Which makes sense, because to these people Labour – real Labour – doesn’t have 232 seats, it has about 40. The others seats are occupied by “Red Tories” or, worse, “Blairites”. Since these groups are as much the enemy as the Tories are, exchanging one for the other is meaningless. The Corbynites could start their own party of course, but why do that when they can seize control of Labour’s infrastructure, short money and institutional donors. The only long-term strategy that makes sense is to “purify” Labour, and rebuild from the foundations up. That may mean another 10 or 20 years of Tory rule, but the achingly middle-class Corbynistas won’t be the ones to suffer from that.

Seen through that prism, Corbynism makes sense. A common theme among the dozens of resignation letters from former shadow ministers has been his apparent disinterest in opposition policy work. A recent Vice documentary showed his refusal to attack the Tories over the resignation of Iain Duncan Smith. Even Richard Murphy, a supportive economist who set out many of the basic principles of ‘Corbynomics’, lost patience in a recent blog post

“I had the opportunity to see what was happening inside the PLP. The leadership wasn’t confusing as much as just silent. There was no policy direction, no messaging, no direction, no co-ordination, no nothing. Shadow ministers appeared to have been left with no direction as to what to do. It was shambolic.”

So where are his attentions focused? Unnamed “insiders” quoted in the Mirror paint an all too feasible picture of a team that, “spent hours in ‘rambling’ meetings discussing possible plots against him and considered sending ‘moles’ to spy on his Shadow Cabinet.” That claim was given more weight by the recent controversy over Karie Murphy, Corbyn’s office manager, who allegedly entered the office of shadow minister Seema Malhotra without permission. Vice’s documentary, ‘The Outsider‘, showed Corbyn railing against the BBC, who he believed were ‘obsessed’ with undermining his leadership, and other journalists.
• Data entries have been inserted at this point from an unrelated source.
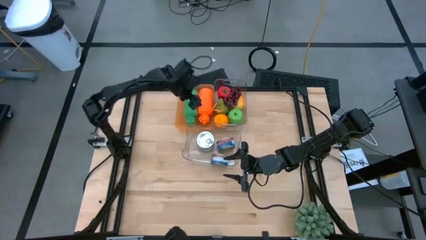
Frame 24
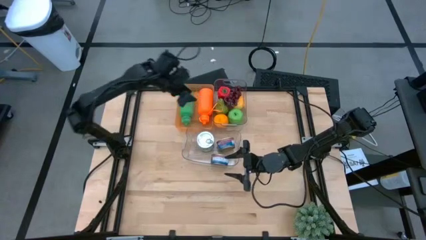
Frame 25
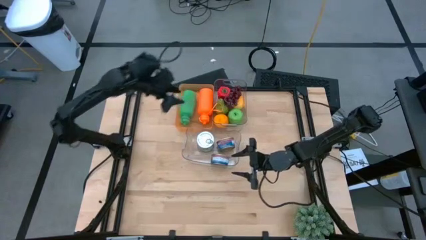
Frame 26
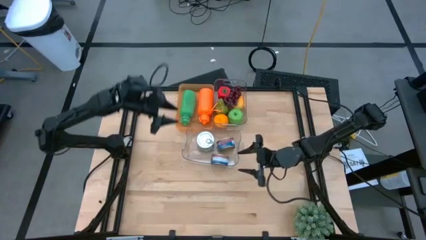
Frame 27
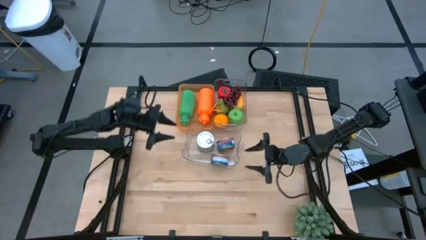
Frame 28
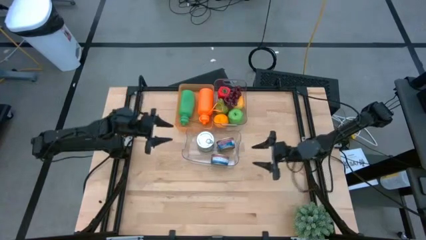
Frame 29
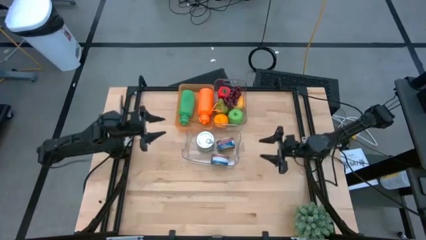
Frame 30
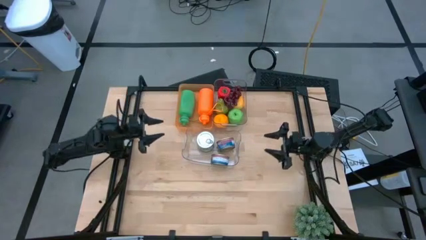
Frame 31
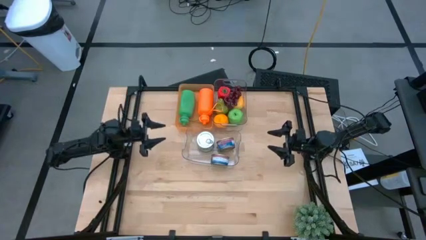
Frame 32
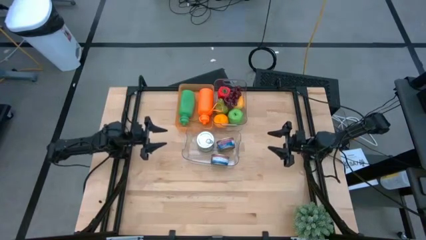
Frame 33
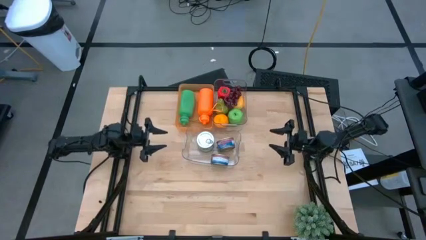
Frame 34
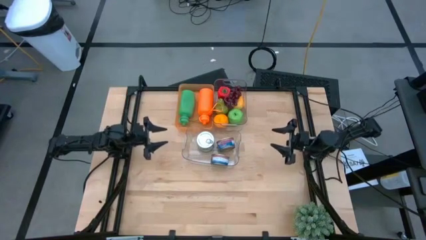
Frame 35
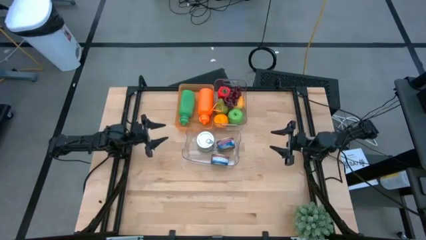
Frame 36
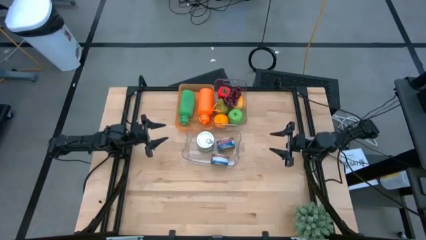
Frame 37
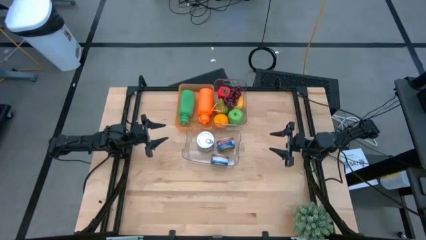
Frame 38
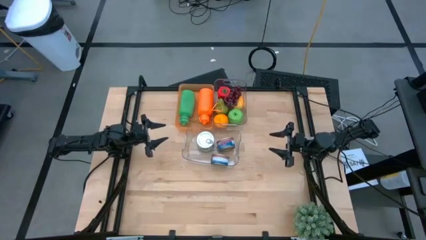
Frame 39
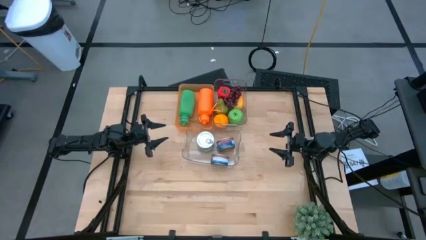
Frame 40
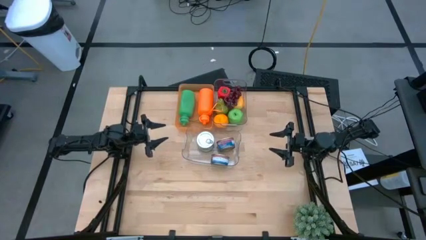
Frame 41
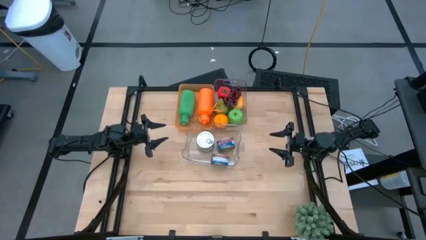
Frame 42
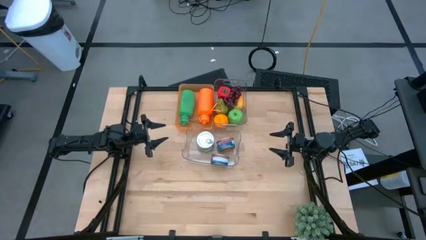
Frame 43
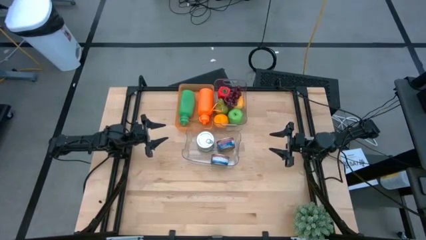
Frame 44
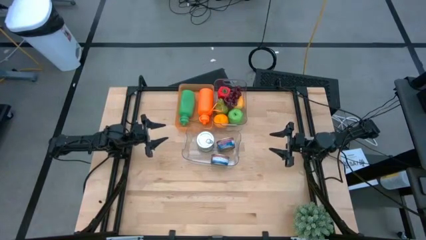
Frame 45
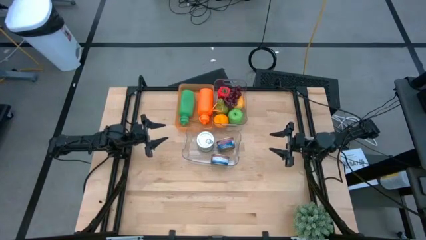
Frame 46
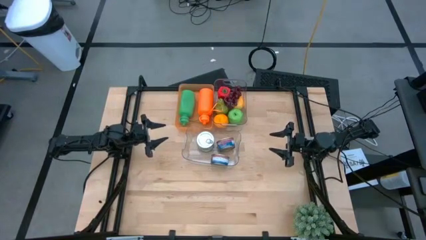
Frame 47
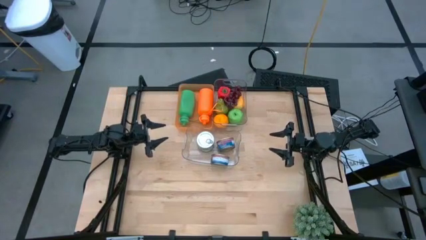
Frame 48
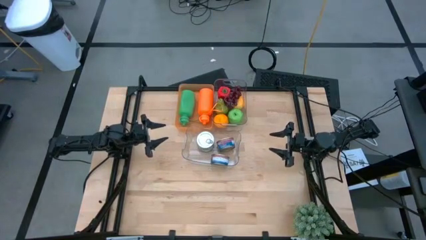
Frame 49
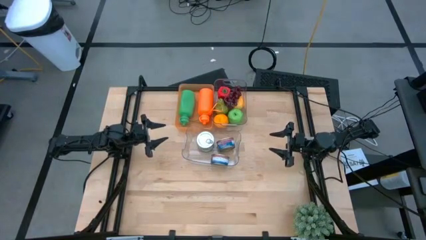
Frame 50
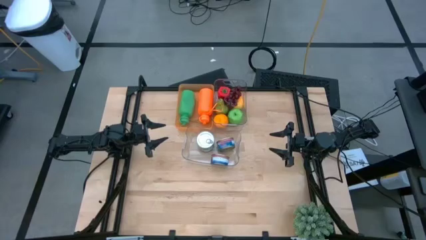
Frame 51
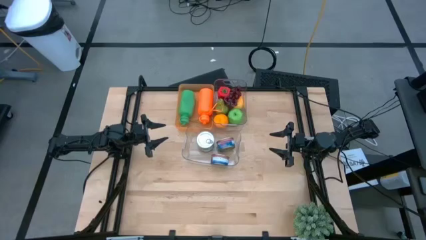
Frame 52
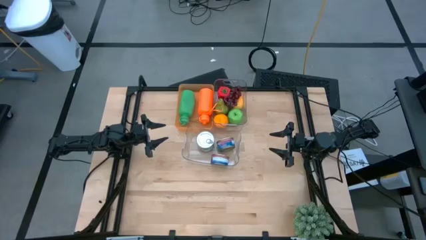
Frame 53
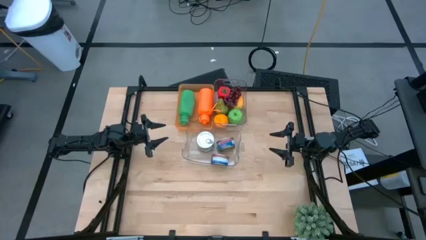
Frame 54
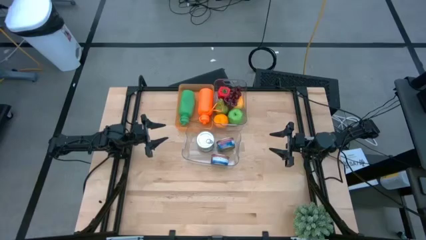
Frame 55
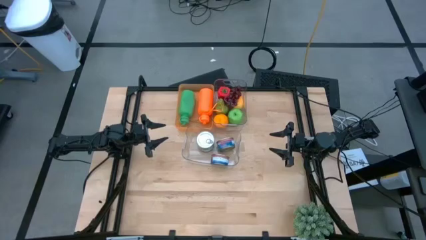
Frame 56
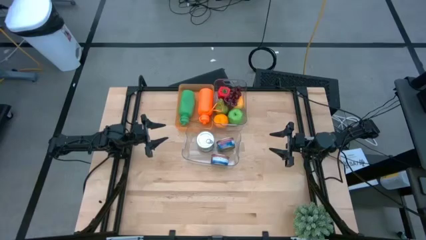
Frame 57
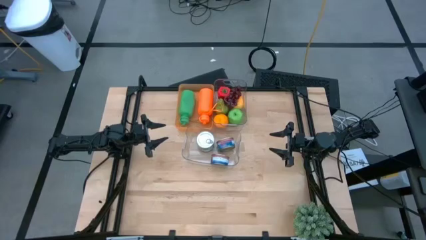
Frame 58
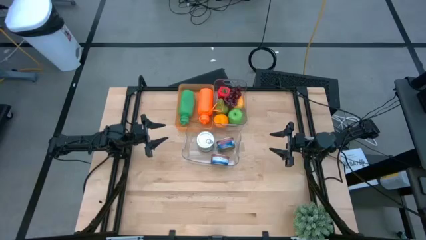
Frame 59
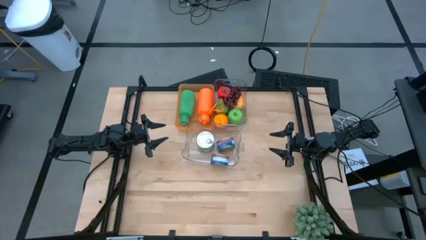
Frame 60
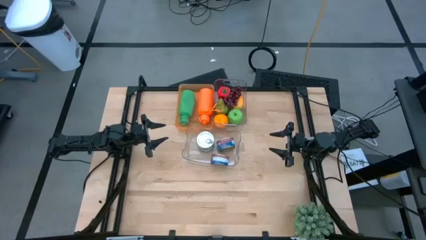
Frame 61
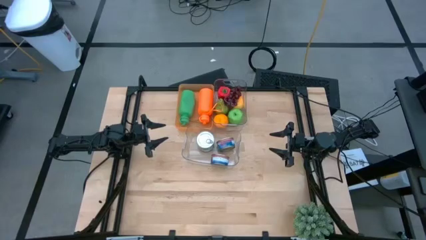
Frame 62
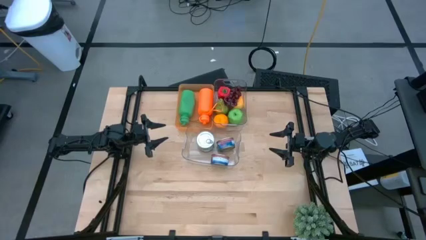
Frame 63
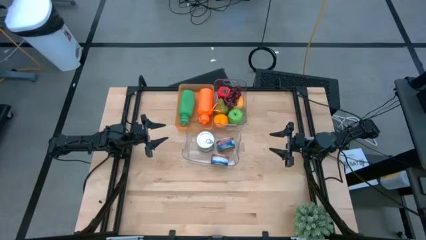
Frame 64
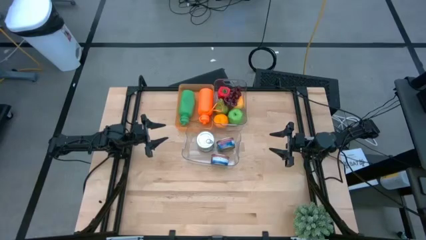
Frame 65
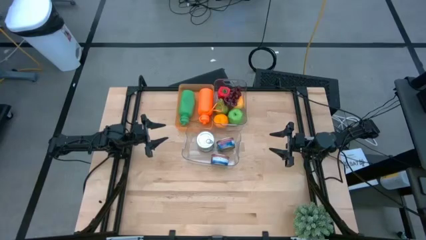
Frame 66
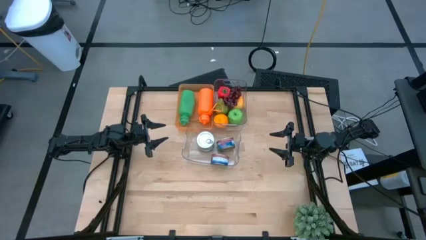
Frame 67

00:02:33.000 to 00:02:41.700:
Return to Home Position

By all accounts, Corbyn’s team inhabit a bunker mentality, and their genius – intentional or otherwise – has been to use the ‘paranoid style’ to extend that bunker to accommodate tens of thousands of their followers. Within that bubble, every failure becomes a victory. Negative media coverage simply reinforces their sense of being under attack, and every bad poll or election disappointment becomes an opportunity to demonstrate the strength of their faith. Shadow cabinet resignations and condemnations reveal new ‘traitors’, justifying further paranoia and increasing the feeling of being under siege.

It’s terrible for a functioning opposition, but brilliant for forming a loyal hard-left movement, driving screaming protestors into CLP meetings, keeping uppity MPs in line with the prospect of more abuse or deselection, and ensuring that Corbyn will sign up enough supporters to win the leadership election by a landslide.  

Hofstadter wrote that ”the paranoid is a militant leader. He does not see social conflict as something to be mediated and compromised, in the manner of the working politician.” In the United States, Bernie Sanders was ultimately forced to compromise when Hillary Clinton won the Democrat nomination. The Bernie Corbyn & Jeremy Sanders Facebook group, hardcore loyalists to the end, immediately disowned him, and suggested the group change its name.

Corbyn need make no such compromise, which is his whole appeal. Those who expect him to step down after a general election defeat, or to compromise with the rest of the party to achieve greater success, have completely failed to understand what they’re dealing with. For Corbyn and his followers there is no compromise, only purity, and a Red Labour party with 50 MPs is better than a centrist party with 400. That is the reality of the movement that Labour and the left are facing, and it is catastrophic.